Methanococcoides burtoniii was isolated from Ace Lake, Antarctica where the waters are a constant 1-2℃. It has a growth temperature maximum of 28℃ and a predicted growth temperature minimum of-2.5℃ (1). Clearly M. burtonii is adapted to growth and survival at low temperature extremes.
To reveal structural and functional features of archaeal cold-adapted proteins we sequenced the elongation factor 2 (EF-2) gene (aef2) from psychrotrophic, (M. burtonii; Topt: 23℃), mesophilic (Methanococcoides methylutens; Topt: 35℃) and thermophilic (Methanosarcina thermophila; Topt: 50℃) archaea that form a close phylogenetic cluster (16S-rRNA identity >90%).
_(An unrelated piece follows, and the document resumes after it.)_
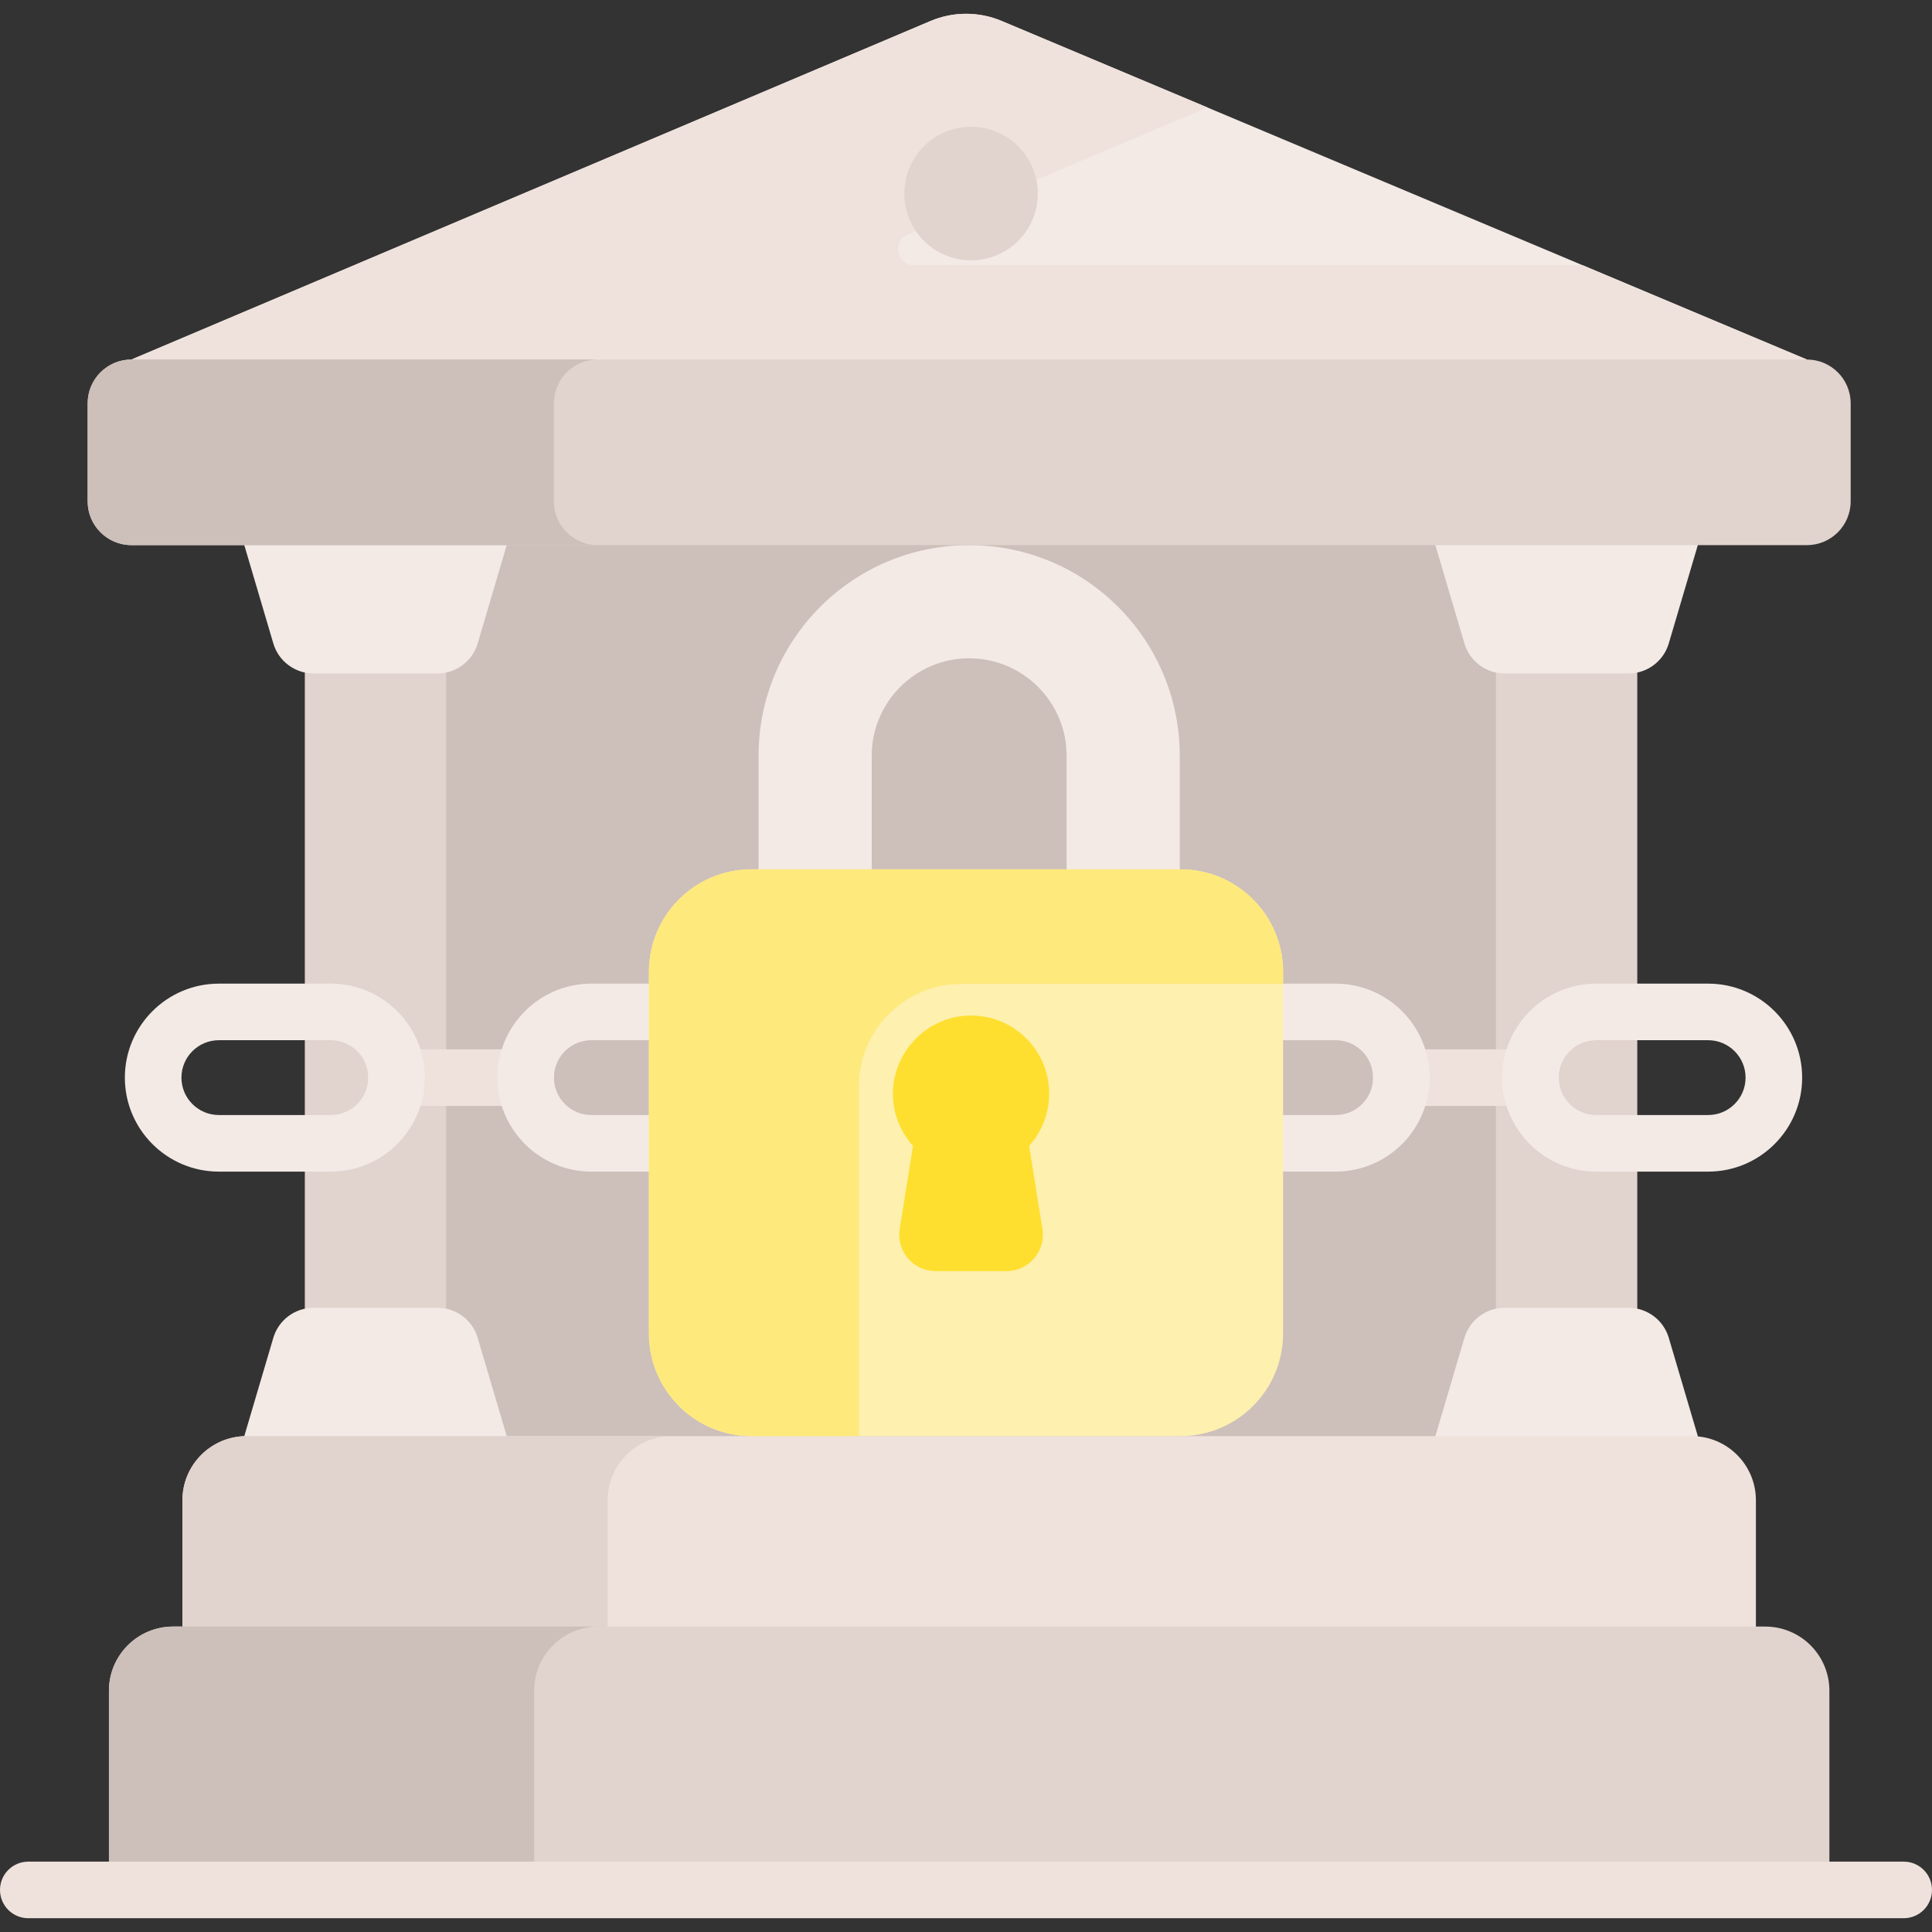 <svg xmlns="http://www.w3.org/2000/svg" id="Capa_1" height="512" viewBox="0 0 512.221 512.221" width="512"><rect x="0" y="0" width="512.221" height="512.221" fill="#333333" stroke="none"/><path d="m97.627 95.32h321.905v321.905h-321.905z" fill="#cdbfba"></path><g><path d="m396.605 150.228h37.476v235.743h-37.476z" fill="#e1d3ce"></path></g><g><path d="m405.771 293.205h-34.24c-4.142 0-7.5-3.357-7.5-7.5s3.358-7.5 7.5-7.5h34.24c4.142 0 7.5 3.357 7.5 7.5s-3.357 7.5-7.5 7.5z" fill="#efe2dd"></path></g><g><path d="m354.113 310.625h-37.395c-4.142 0-7.5-3.357-7.5-7.5v-34.838c0-4.143 3.358-7.5 7.5-7.5h37.395c13.74 0 24.919 11.178 24.919 24.918 0 13.741-11.179 24.92-24.919 24.92zm-29.895-15h29.895c5.469 0 9.919-4.45 9.919-9.92 0-5.469-4.45-9.918-9.919-9.918h-29.895z" fill="#f3eae6"></path></g><g><path d="m80.818 154.171h37.476v209.568h-37.476z" fill="#e1d3ce"></path></g><g><path d="m139.367 293.205h-34.24c-4.142 0-7.5-3.357-7.5-7.5s3.358-7.5 7.5-7.5h34.24c4.142 0 7.5 3.357 7.5 7.5s-3.358 7.5-7.5 7.5z" fill="#efe2dd"></path></g><g><path d="m204.701 310.624h-47.916c-13.74 0-24.919-11.179-24.919-24.919s11.179-24.919 24.919-24.919h47.916c4.142 0 7.5 3.357 7.5 7.5v34.838c0 4.142-3.358 7.5-7.5 7.5zm-47.915-34.838c-5.469 0-9.919 4.449-9.919 9.919s4.45 9.919 9.919 9.919h40.416v-19.838z" fill="#f3eae6"></path></g><g fill="#f3eae6"><path d="m380.556 126.658v17.872l7.696 26.058c1.394 4.721 5.73 7.961 10.652 7.961h32.878c4.922 0 9.258-3.24 10.652-7.961l7.696-26.058v-17.872z"></path><path d="m64.768 128.635v15.894l7.696 26.058c1.394 4.721 5.73 7.961 10.652 7.961h32.878c4.922 0 9.258-3.24 10.652-7.961l7.696-26.058v-15.894z"></path><path d="m479.048 95.32-213.505-89.77c-6.031-2.536-12.831-2.527-18.855.026l-211.838 89.744v24.605h444.198z"></path><path d="m312.783 200.364c0-30.836-24.998-55.834-55.834-55.834-30.836 0-55.834 24.998-55.834 55.834v61.695h30v-61.695c0-14.245 11.589-25.834 25.834-25.834s25.834 11.589 25.834 25.834v61.695h30z"></path></g><g><path d="m419.59 70.32h-177.193c-4.653 0-5.95-6.386-1.665-8.201l79.376-33.627-54.565-22.942c-6.031-2.536-12.831-2.526-18.855.026l-211.838 89.744v24.605h86.68v-7.306l31.246-13.237v20.543h326.272v-24.605z" fill="#efe2dd"></path><path d="m479.048 144.529h-444.198c-6.413 0-11.611-5.199-11.611-11.611v-25.987c0-6.413 5.199-11.611 11.611-11.611h444.198c6.413 0 11.611 5.199 11.611 11.611v25.987c.001 6.413-5.198 11.611-11.611 11.611z" fill="#e1d3ce"></path><path d="m146.845 132.918v-25.987c0-6.413 5.199-11.611 11.611-11.611h-123.606c-6.413 0-11.611 5.198-11.611 11.611v25.987c0 6.413 5.199 11.611 11.611 11.611h123.607c-6.413 0-11.612-5.198-11.612-11.611z" fill="#cdbfba"></path><path d="m126.647 354.691c-1.394-4.721-5.73-7.961-10.652-7.961h-32.879c-4.922 0-9.258 3.24-10.652 7.961l-7.696 26.057v10.409h69.574v-10.409z" fill="#f3eae6"></path><path d="m442.434 354.691c-1.394-4.721-5.73-7.961-10.652-7.961h-32.878c-4.922 0-9.258 3.24-10.652 7.961l-7.696 26.057v15.842h69.574v-15.842z" fill="#f3eae6"></path><path d="m448.519 380.748h-383.139c-9.396 0-17.013 7.617-17.013 17.013v53.48h417.165v-53.48c0-9.396-7.617-17.013-17.013-17.013z" fill="#efe2dd"></path><path d="m178.119 380.748h-112.739c-9.396 0-17.013 7.617-17.013 17.013v53.48h112.739v-53.48c0-9.396 7.617-17.013 17.013-17.013z" fill="#e1d3ce"></path><path d="m468.004 431.241h-422.11c-9.396 0-17.013 7.617-17.013 17.013v52.628h456.136v-52.628c0-9.396-7.617-17.013-17.013-17.013z" fill="#e1d3ce"></path><path d="m158.633 431.242h-112.739c-9.396 0-17.013 7.617-17.013 17.013v52.628h112.739v-52.628c0-9.397 7.617-17.013 17.013-17.013z" fill="#cdbfba"></path><g><path d="m504.721 508.566h-497.221c-4.142 0-7.5-3.357-7.5-7.5s3.358-7.5 7.5-7.5h497.221c4.142 0 7.5 3.357 7.5 7.5s-3.358 7.5-7.5 7.5z" fill="#efe2dd"></path></g><path d="m312.972 380.748h-113.724c-15.025 0-27.206-12.18-27.206-27.206v-95.862c0-15.025 12.18-27.206 27.206-27.206h113.724c15.025 0 27.206 12.18 27.206 27.206v95.862c0 15.026-12.18 27.206-27.206 27.206z" fill="#fef0ae"></path><path d="m227.716 288.071c0-15.025 12.18-27.206 27.206-27.206h85.257v-3.184c0-15.025-12.18-27.206-27.206-27.206h-113.725c-15.025 0-27.206 12.18-27.206 27.206v95.861c0 15.025 12.18 27.206 27.206 27.206h28.467v-92.677z" fill="#fee97d"></path><g><path d="m452.877 310.624h-29.687c-13.74 0-24.919-11.179-24.919-24.919s11.179-24.919 24.919-24.919h29.687c13.74 0 24.919 11.179 24.919 24.919s-11.178 24.919-24.919 24.919zm-29.687-34.838c-5.469 0-9.919 4.449-9.919 9.919s4.45 9.919 9.919 9.919h29.687c5.469 0 9.919-4.449 9.919-9.919s-4.45-9.919-9.919-9.919z" fill="#f3eae6"></path></g><circle cx="257.449" cy="51.313" fill="#e1d3ce" r="17.703"></circle><path d="m278.164 289.962c0-11.811-9.884-21.313-21.832-20.686-10.743.564-19.408 9.564-19.595 20.321-.095 5.468 1.947 10.444 5.323 14.197l-3.533 22.029c-.941 5.864 3.589 11.179 9.529 11.179h18.787c5.939 0 10.469-5.314 9.529-11.179l-3.533-22.029c3.299-3.67 5.325-8.508 5.325-13.832z" fill="#fedf30"></path></g><g><path d="m87.708 310.624h-29.687c-13.74 0-24.919-11.179-24.919-24.919s11.179-24.919 24.919-24.919h29.687c13.74 0 24.919 11.179 24.919 24.919s-11.179 24.919-24.919 24.919zm-29.687-34.838c-5.469 0-9.919 4.449-9.919 9.919s4.45 9.919 9.919 9.919h29.687c5.469 0 9.919-4.449 9.919-9.919s-4.45-9.919-9.919-9.919z" fill="#f3eae6"></path></g></svg>

The aef2-genes contain 2190 bp (corresonding to 730 AA) and the analysis of gene-sequences down- and up-stream of the aef2-genes suggest that they are organized in a streptomycin (str)-operon similar to Escherichia coli. Analysis of the amino acid-sequences revealed that the proteins are generally similar, although specific differences in amino acid-composition are evident. An alignment of all three elongation factor proteins showed a significant number of unique amino acid-residues; 41, 37, 144 residues for M. burtonii, M. methylutens and M. thermophila, respectively. Subsequent three dimensional-modeling of various domains of the archaeal elongation factors with they crystal structure of the bacterial Thermus thermophila EF-G, revealed that most unique residues had little effect on the topology of the predicted structures. Interestingly however, a few specific residues appeared to cause structural changes that may be associated with thermal activity. These data indicate that a limited number of amino acid-changes may be sufficient to confer adaptation to the elongation factors in accordance with the environments that they were isolated from.
To further characterize the structural and functional properties of these elongation factors we are currently over-expressing and purifying the proteins (preliminary results will be presented).
1. Franzmann, P.D., Springer, N., Ludwig, W., Conway de Macario, E., and Rhode, M. (1992) System. Appl. Microbiol., 15, 573-581.